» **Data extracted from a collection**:

######

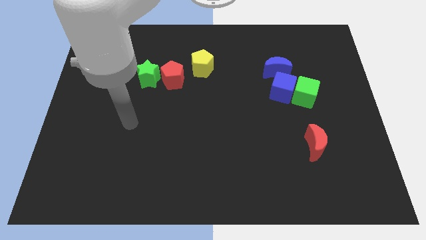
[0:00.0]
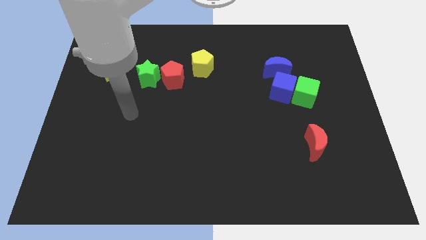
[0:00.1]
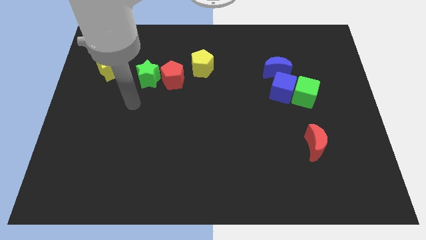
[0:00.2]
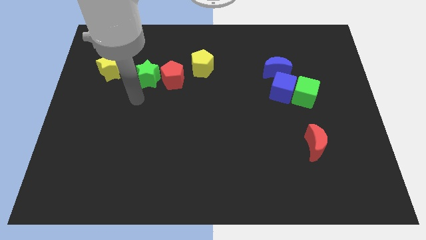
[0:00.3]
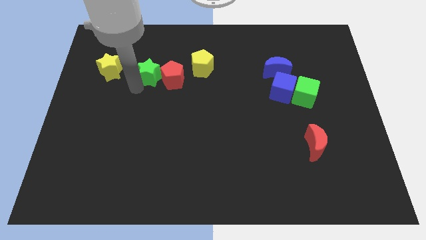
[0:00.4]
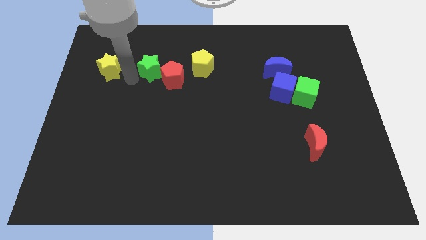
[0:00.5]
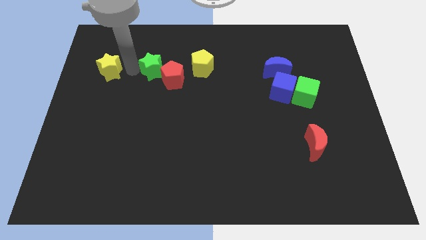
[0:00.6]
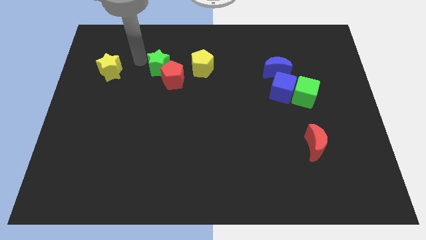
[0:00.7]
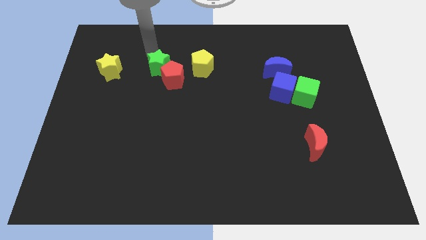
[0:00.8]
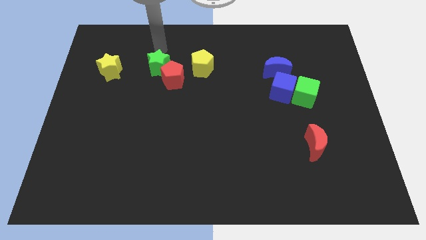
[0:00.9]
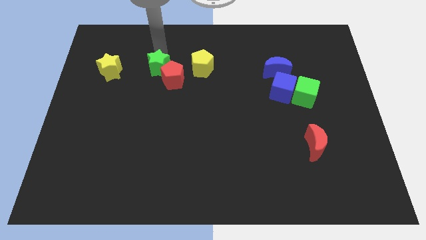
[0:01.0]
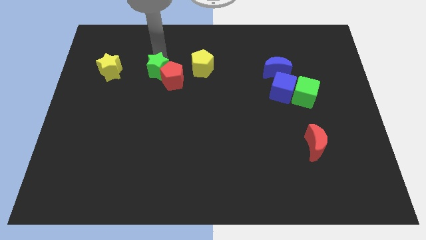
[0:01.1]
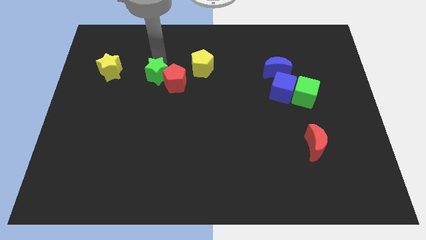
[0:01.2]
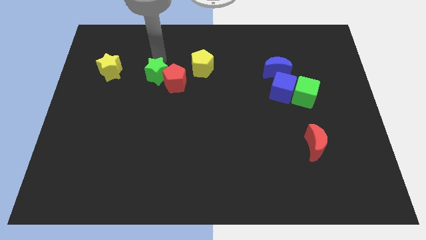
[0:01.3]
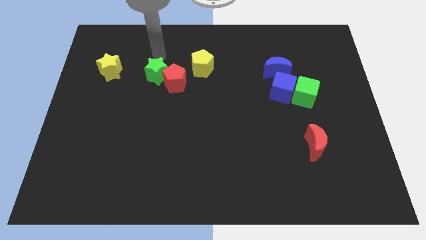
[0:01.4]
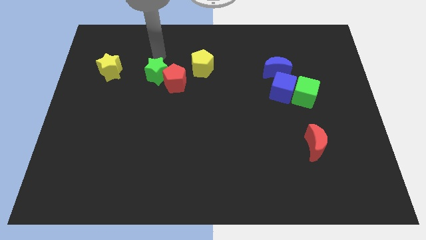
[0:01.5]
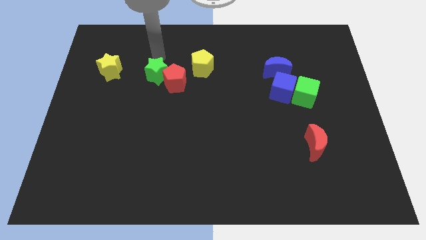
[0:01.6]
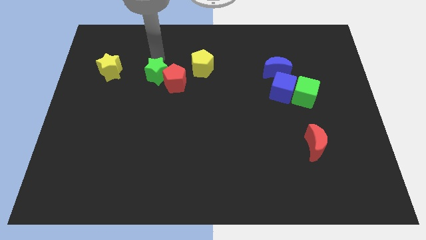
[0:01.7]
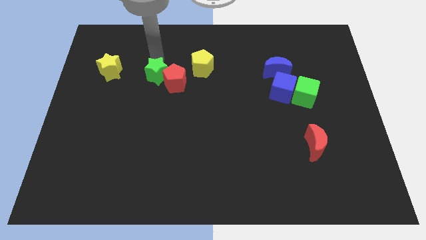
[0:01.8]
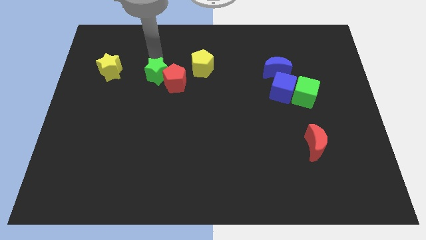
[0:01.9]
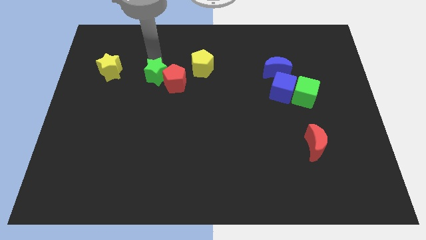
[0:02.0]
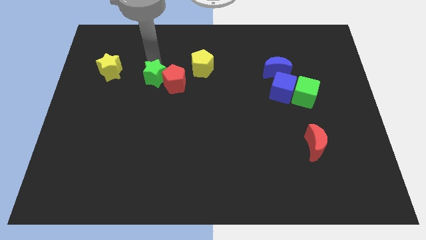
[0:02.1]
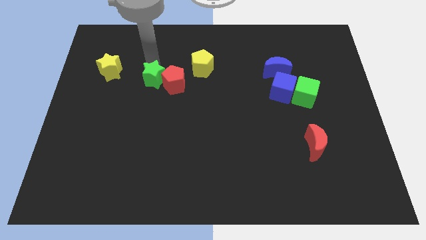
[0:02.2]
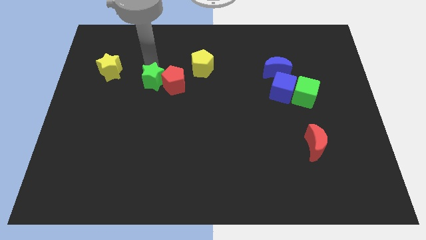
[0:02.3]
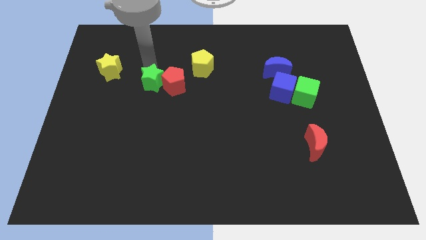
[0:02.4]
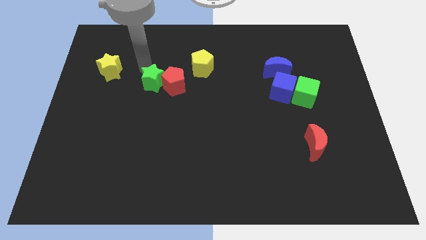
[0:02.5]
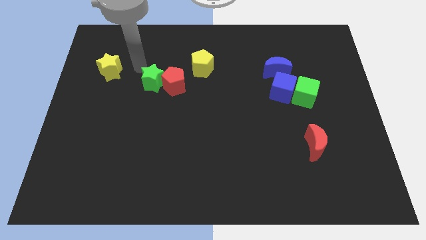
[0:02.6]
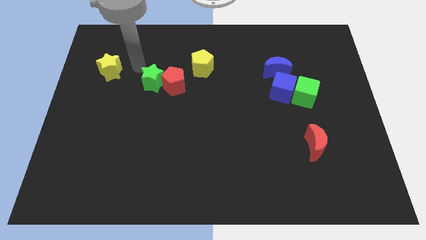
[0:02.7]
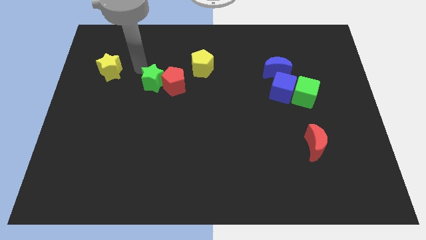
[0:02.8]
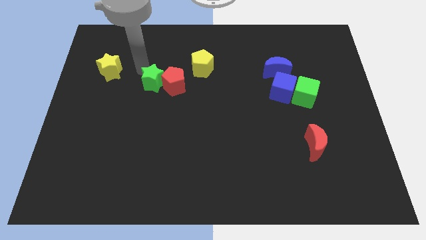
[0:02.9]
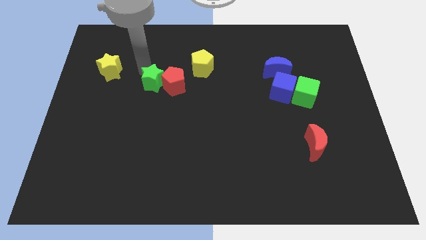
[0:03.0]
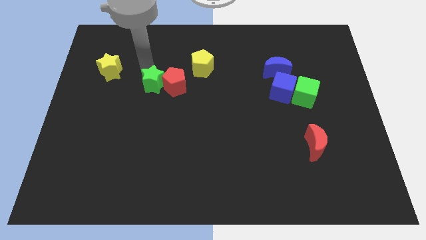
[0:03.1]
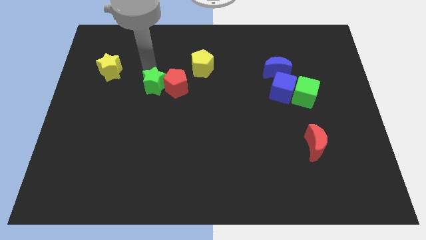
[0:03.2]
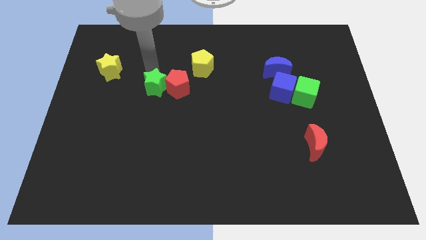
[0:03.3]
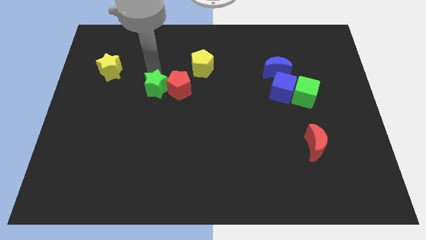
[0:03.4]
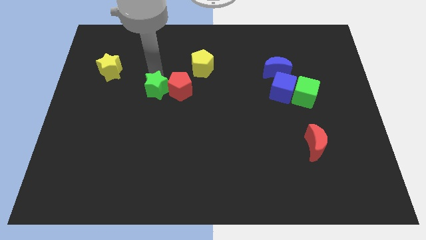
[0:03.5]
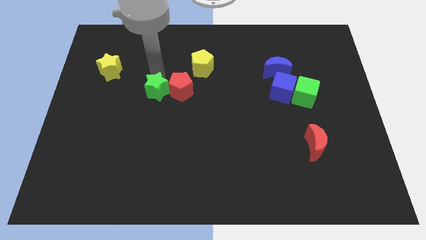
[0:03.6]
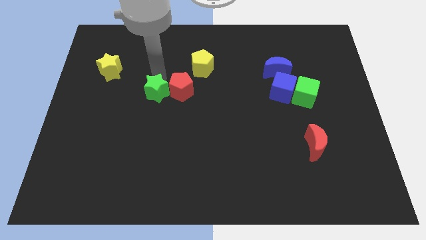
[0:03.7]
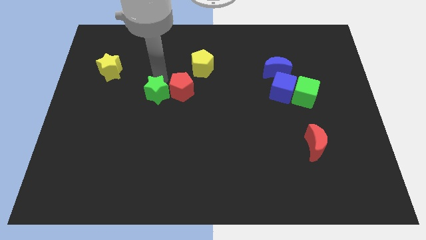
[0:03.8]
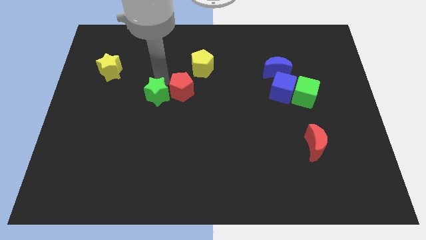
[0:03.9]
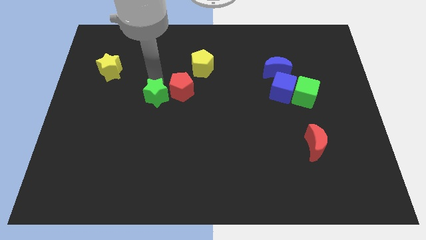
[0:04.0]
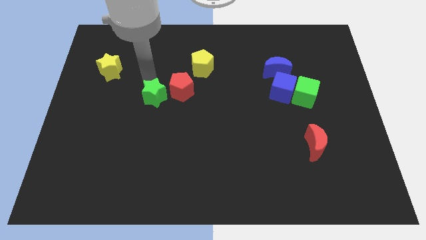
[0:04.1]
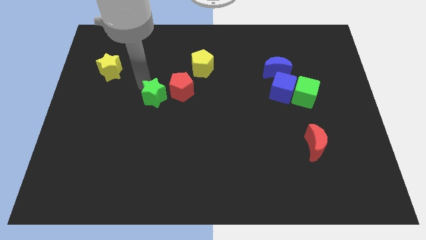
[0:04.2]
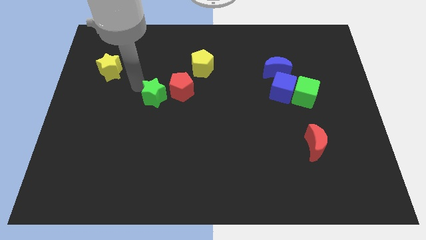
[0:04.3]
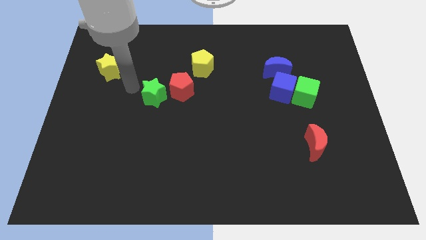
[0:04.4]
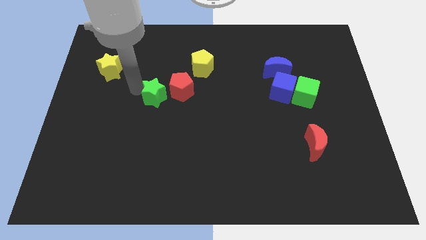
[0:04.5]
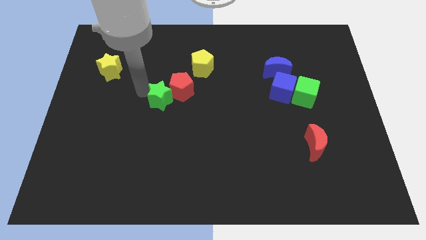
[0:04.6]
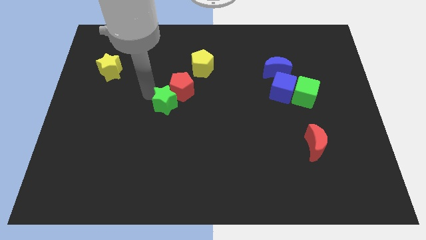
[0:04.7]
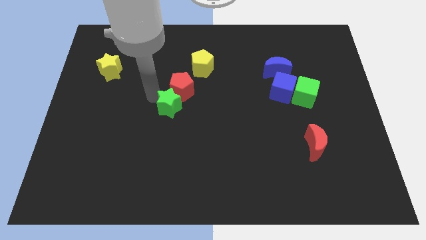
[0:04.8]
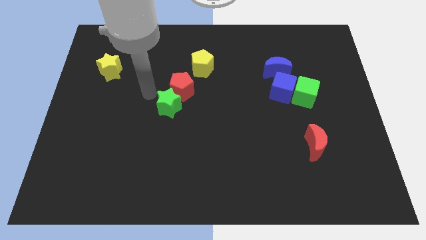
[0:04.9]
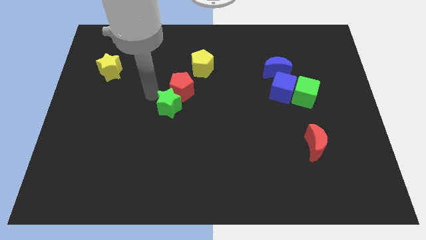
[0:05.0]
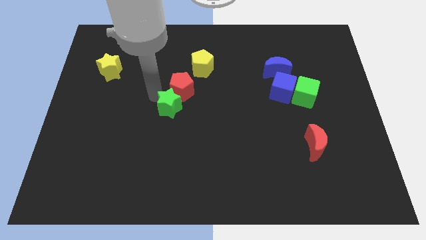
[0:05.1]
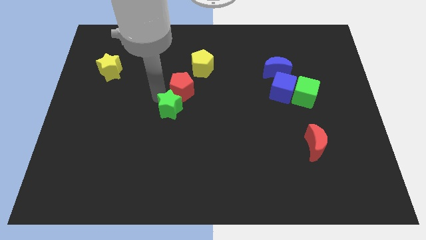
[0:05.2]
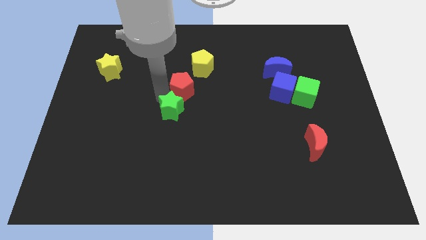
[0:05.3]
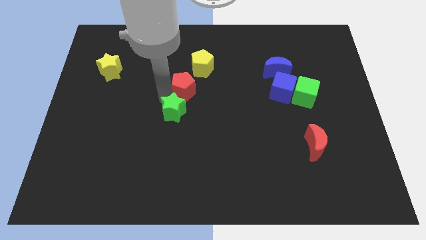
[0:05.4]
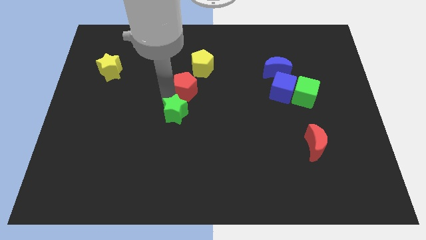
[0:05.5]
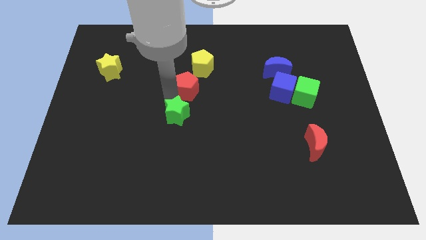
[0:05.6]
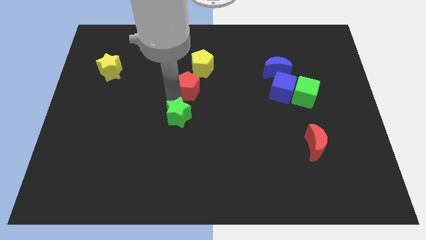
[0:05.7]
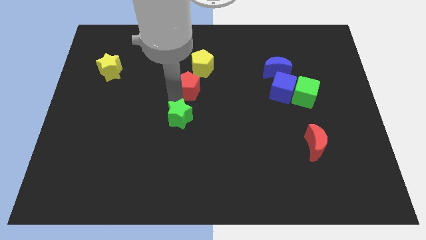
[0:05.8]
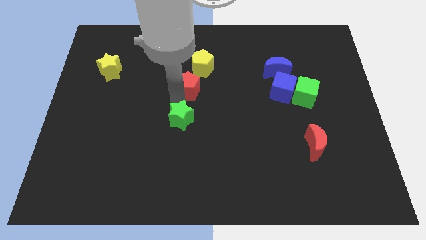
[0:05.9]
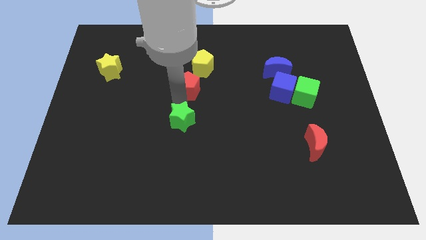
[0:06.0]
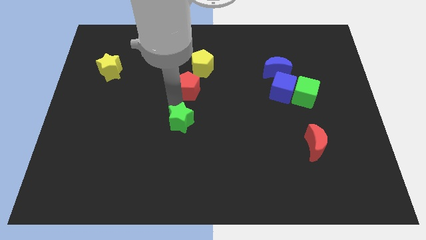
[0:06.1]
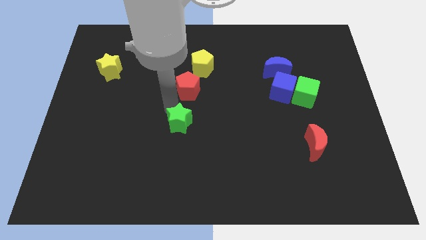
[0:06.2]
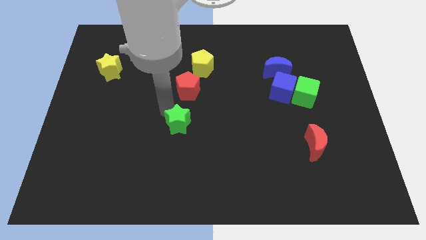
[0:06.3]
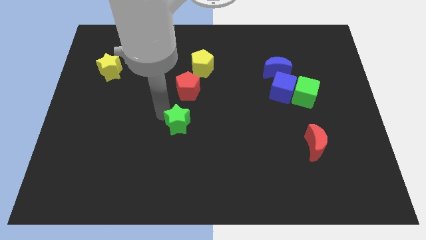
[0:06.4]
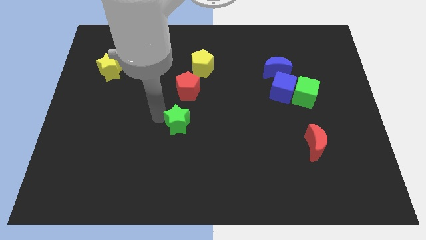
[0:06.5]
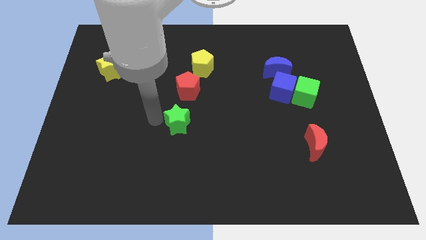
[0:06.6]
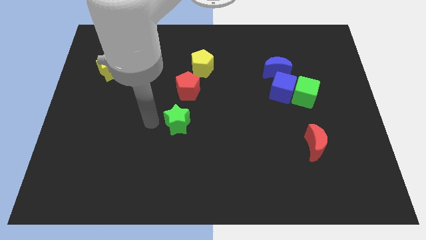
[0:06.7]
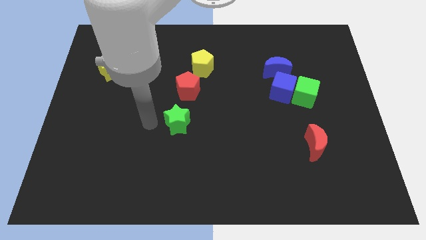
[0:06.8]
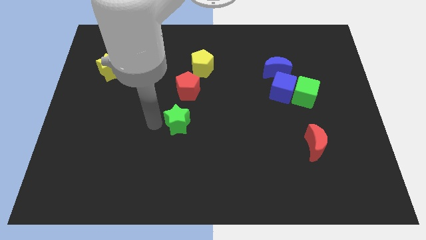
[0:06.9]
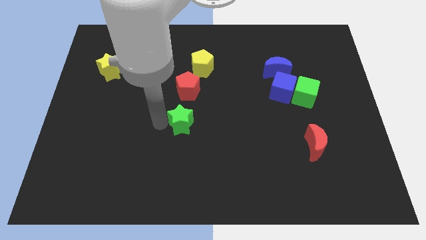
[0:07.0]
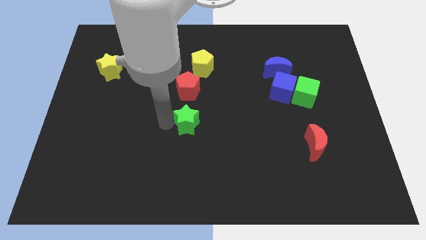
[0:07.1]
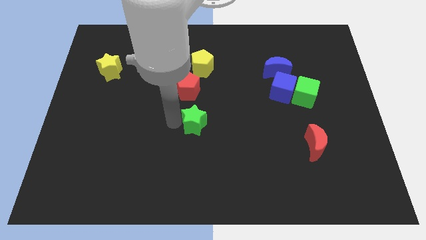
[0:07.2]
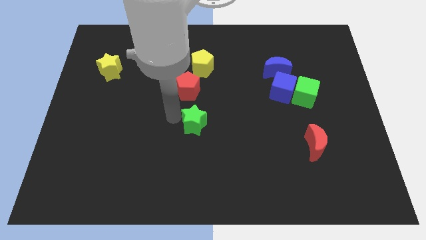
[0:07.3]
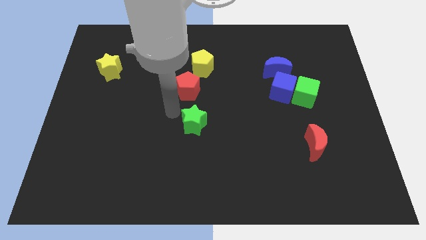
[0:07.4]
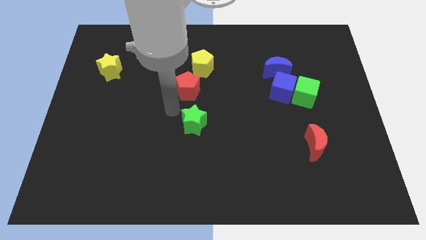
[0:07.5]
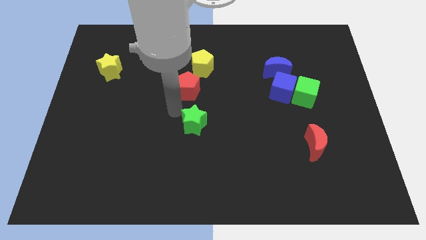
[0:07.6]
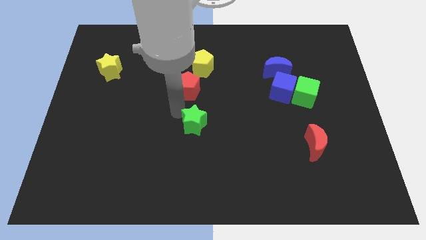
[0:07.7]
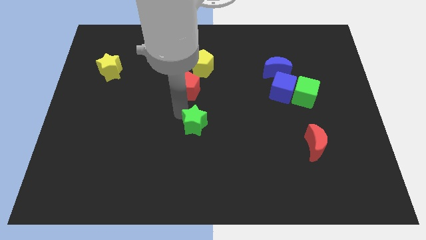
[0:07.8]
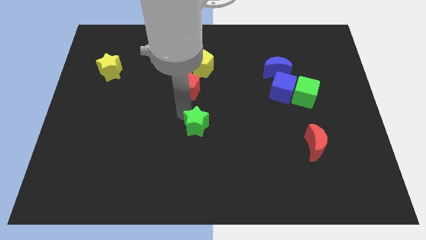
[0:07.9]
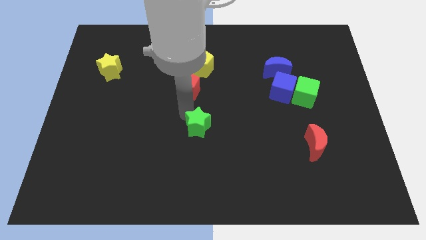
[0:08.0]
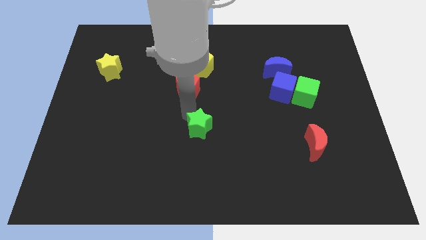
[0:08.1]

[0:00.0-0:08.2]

######

» **What you should do**: Each record above goes into the copy word for word; the pictures do not.

» **Solution**:
[0:00.0]
[0:00.1]
[0:00.2]
[0:00.3]
[0:00.4]
[0:00.5]
[0:00.6]
[0:00.7]
[0:00.8]
[0:00.9]
[0:01.0]
[0:01.1]
[0:01.2]
[0:01.3]
[0:01.4]
[0:01.5]
[0:01.6]
[0:01.7]
[0:01.8]
[0:01.9]
[0:02.0]
[0:02.1]
[0:02.2]
[0:02.3]
[0:02.4]
[0:02.5]
[0:02.6]
[0:02.7]
[0:02.8]
[0:02.9]
[0:03.0]
[0:03.1]
[0:03.2]
[0:03.3]
[0:03.4]
[0:03.5]
[0:03.6]
[0:03.7]
[0:03.8]
[0:03.9]
[0:04.0]
[0:04.1]
[0:04.2]
[0:04.3]
[0:04.4]
[0:04.5]
[0:04.6]
[0:04.7]
[0:04.8]
[0:04.9]
[0:05.0]
[0:05.1]
[0:05.2]
[0:05.3]
[0:05.4]
[0:05.5]
[0:05.6]
[0:05.7]
[0:05.8]
[0:05.9]
[0:06.0]
[0:06.1]
[0:06.2]
[0:06.3]
[0:06.4]
[0:06.5]
[0:06.6]
[0:06.7]
[0:06.8]
[0:06.9]
[0:07.0]
[0:07.1]
[0:07.2]
[0:07.3]
[0:07.4]
[0:07.5]
[0:07.6]
[0:07.7]
[0:07.8]
[0:07.9]
[0:08.0]
[0:08.1]

[0:00.0-0:08.2]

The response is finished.